* [YOUR INSTRUCTIONS] Transcribe only the lines in the data below falling between the line with "Diagnosis: benign" and the line with "forward and left).", including those two lines, and leave out any picture.

* [INFORMATION SHOWN]
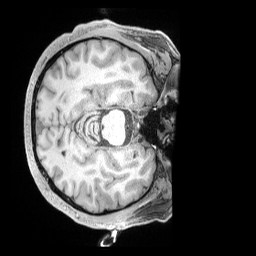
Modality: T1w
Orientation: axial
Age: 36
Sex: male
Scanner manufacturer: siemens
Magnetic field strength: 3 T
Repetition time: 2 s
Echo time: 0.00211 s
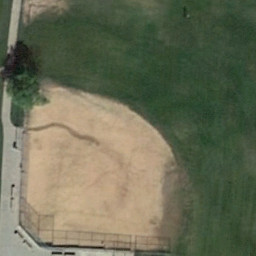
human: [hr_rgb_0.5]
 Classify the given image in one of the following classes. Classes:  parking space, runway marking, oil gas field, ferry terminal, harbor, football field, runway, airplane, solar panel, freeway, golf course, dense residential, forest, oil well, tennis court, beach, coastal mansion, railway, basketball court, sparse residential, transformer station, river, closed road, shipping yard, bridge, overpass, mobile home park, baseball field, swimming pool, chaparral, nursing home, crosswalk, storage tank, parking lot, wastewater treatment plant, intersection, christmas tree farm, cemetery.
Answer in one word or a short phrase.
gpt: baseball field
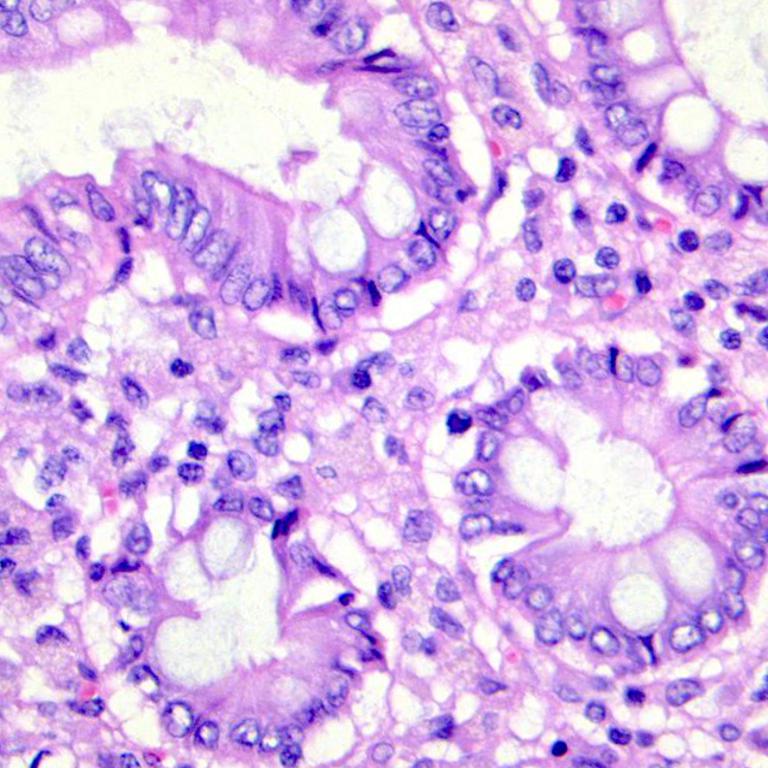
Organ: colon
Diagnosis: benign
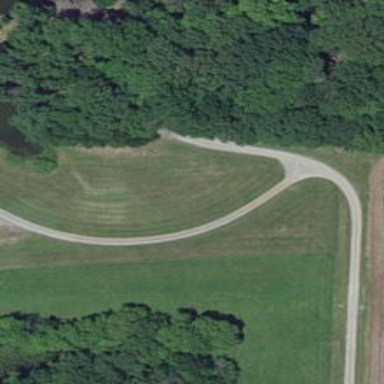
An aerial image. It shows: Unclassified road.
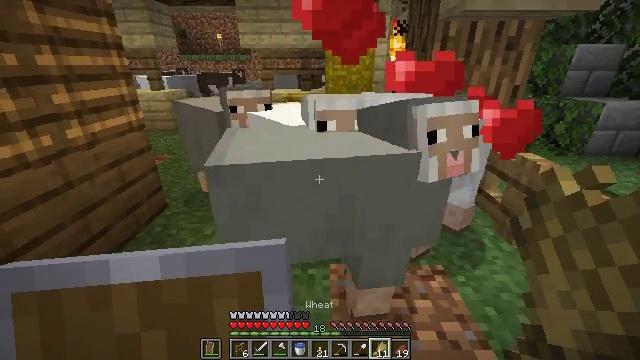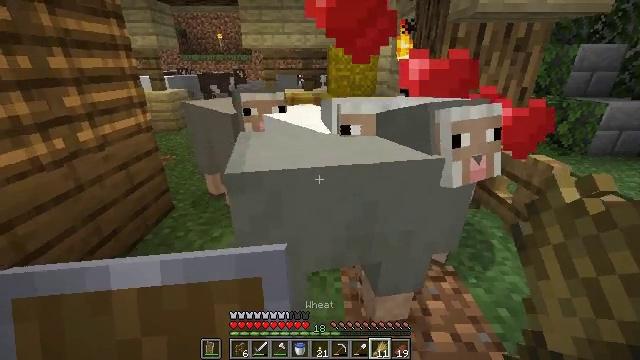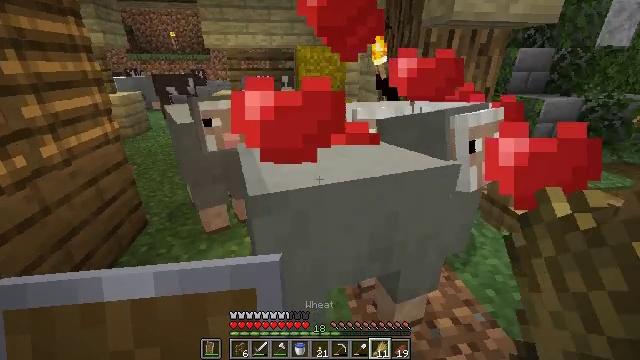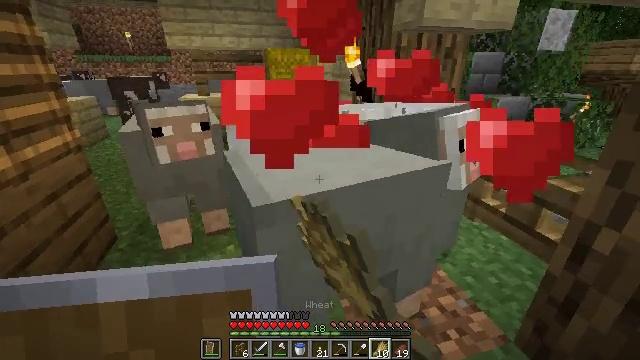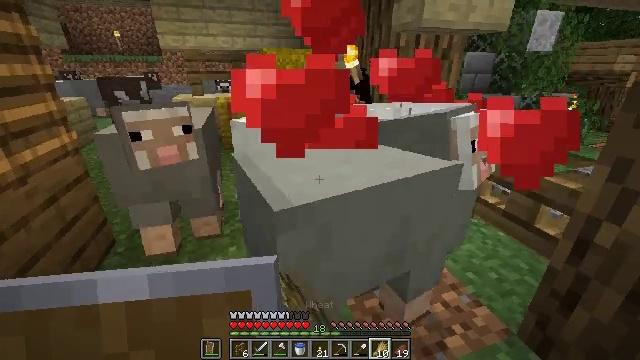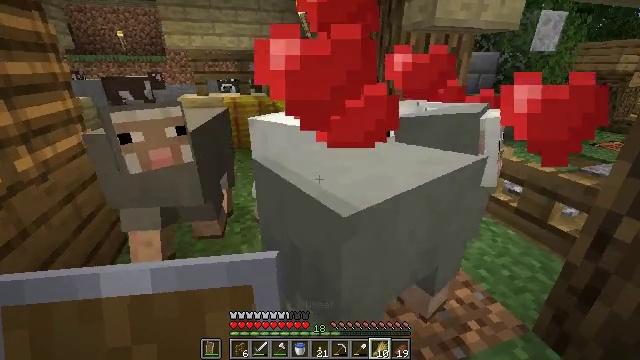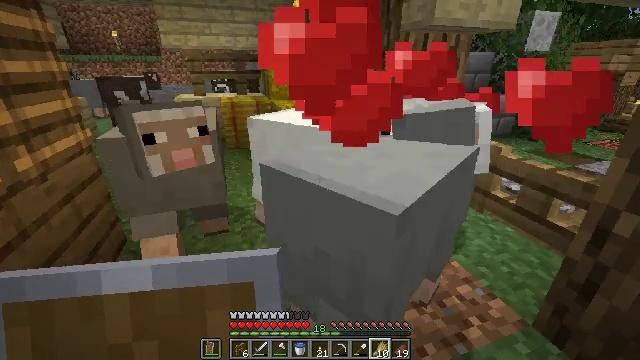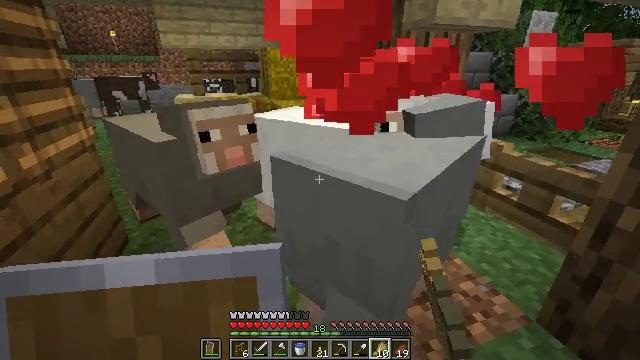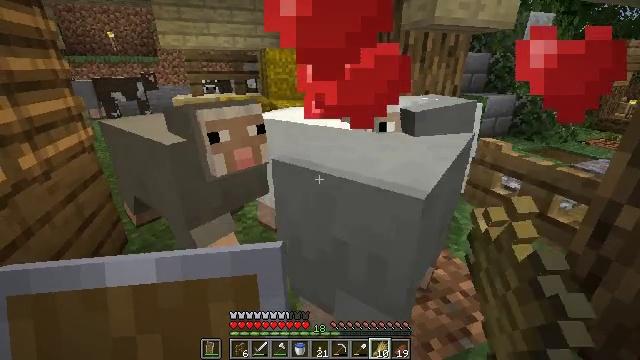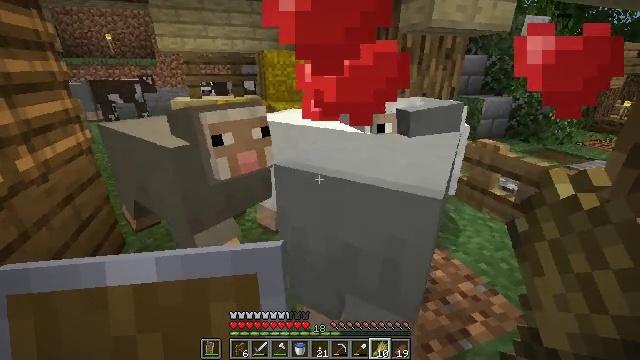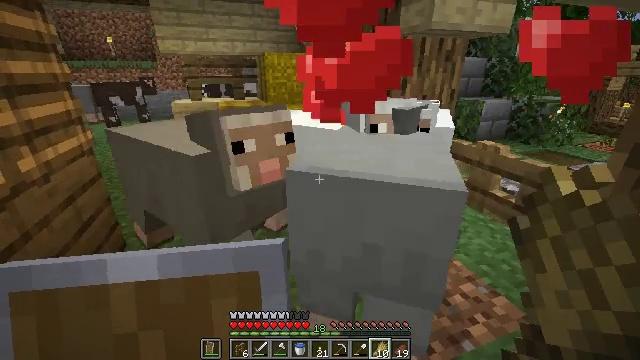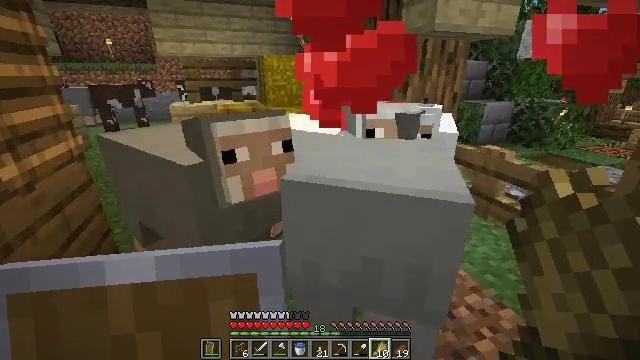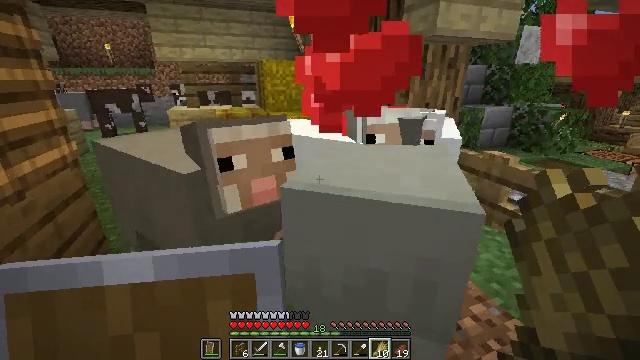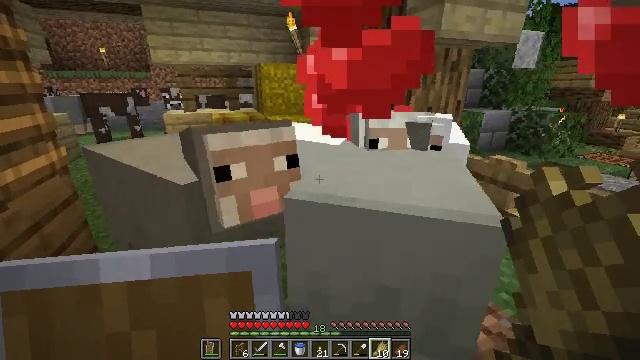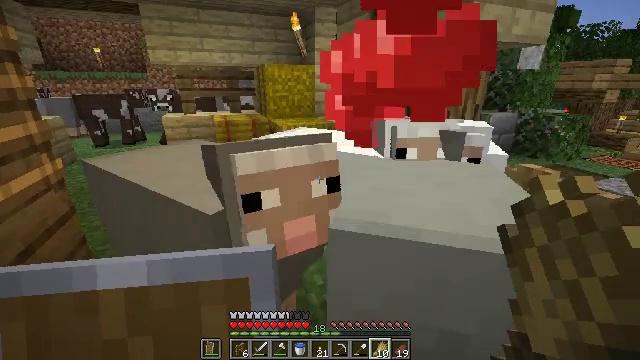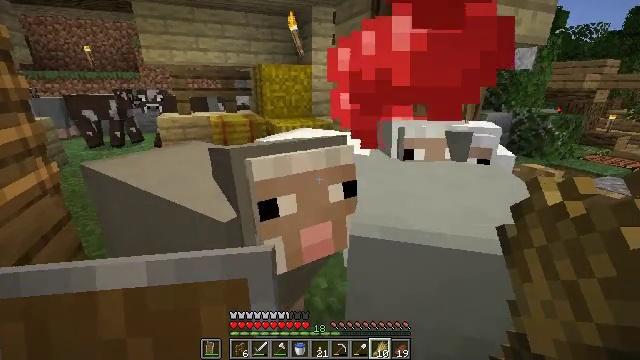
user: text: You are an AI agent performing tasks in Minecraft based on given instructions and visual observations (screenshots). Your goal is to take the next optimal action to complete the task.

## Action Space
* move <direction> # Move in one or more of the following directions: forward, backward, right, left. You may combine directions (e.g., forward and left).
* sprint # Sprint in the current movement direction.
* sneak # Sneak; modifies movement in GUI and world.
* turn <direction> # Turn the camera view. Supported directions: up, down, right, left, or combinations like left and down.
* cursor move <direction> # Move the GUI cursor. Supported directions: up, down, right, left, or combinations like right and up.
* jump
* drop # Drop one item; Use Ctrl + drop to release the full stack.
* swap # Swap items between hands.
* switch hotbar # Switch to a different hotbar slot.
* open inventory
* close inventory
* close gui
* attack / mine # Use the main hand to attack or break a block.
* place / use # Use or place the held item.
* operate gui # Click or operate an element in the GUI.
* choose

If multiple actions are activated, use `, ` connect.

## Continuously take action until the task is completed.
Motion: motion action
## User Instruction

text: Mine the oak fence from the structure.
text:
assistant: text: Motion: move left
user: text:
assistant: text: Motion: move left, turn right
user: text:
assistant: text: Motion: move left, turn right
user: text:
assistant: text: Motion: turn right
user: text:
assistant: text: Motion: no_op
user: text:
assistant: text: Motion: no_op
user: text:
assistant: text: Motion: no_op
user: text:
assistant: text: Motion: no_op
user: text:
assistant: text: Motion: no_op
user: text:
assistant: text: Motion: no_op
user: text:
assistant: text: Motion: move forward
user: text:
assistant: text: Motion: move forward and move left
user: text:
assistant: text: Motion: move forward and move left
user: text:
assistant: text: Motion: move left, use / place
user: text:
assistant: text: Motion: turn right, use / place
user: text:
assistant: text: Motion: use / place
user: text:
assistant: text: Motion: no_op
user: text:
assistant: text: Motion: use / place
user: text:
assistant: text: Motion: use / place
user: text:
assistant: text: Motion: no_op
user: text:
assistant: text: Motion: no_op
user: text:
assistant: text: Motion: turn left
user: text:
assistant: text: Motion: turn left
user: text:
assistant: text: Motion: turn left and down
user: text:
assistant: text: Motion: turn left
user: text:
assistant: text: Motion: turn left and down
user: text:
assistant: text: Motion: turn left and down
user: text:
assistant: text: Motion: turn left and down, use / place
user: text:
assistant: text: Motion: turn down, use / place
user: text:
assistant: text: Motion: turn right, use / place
* * *
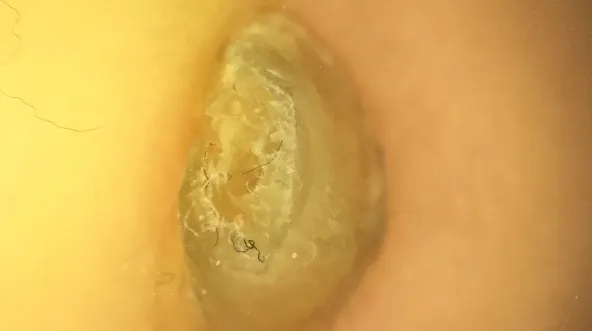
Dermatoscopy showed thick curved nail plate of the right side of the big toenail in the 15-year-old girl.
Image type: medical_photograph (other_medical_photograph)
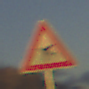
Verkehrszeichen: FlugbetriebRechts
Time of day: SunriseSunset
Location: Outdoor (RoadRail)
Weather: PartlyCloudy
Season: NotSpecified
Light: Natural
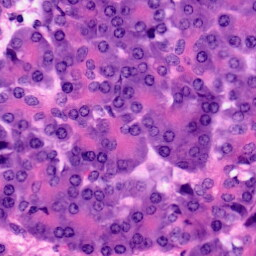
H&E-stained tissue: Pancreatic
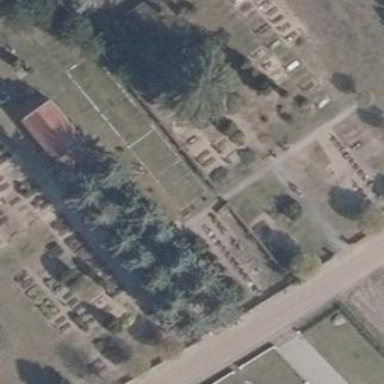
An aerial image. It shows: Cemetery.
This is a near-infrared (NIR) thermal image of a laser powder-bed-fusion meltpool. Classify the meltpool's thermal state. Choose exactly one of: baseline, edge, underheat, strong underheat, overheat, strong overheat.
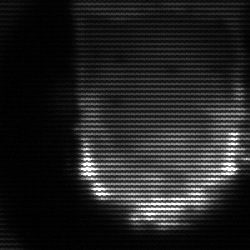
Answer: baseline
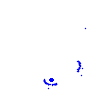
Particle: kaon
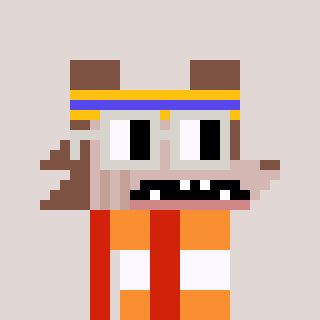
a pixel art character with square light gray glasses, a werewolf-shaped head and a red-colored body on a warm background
...
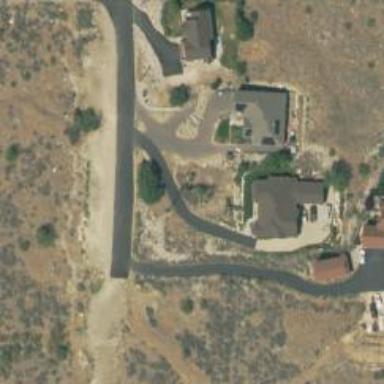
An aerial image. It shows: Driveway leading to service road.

* [REPLY]
Diagnosis: benign
An aerial image. It shows: Unclassified road.
user: text: You are an AI agent performing tasks in Minecraft based on given instructions and visual observations (screenshots). Your goal is to take the next optimal action to complete the task.

## Action Space
* move <direction> # Move in one or more of the following directions: forward, backward, right, left. You may combine directions (e.g., forward and left).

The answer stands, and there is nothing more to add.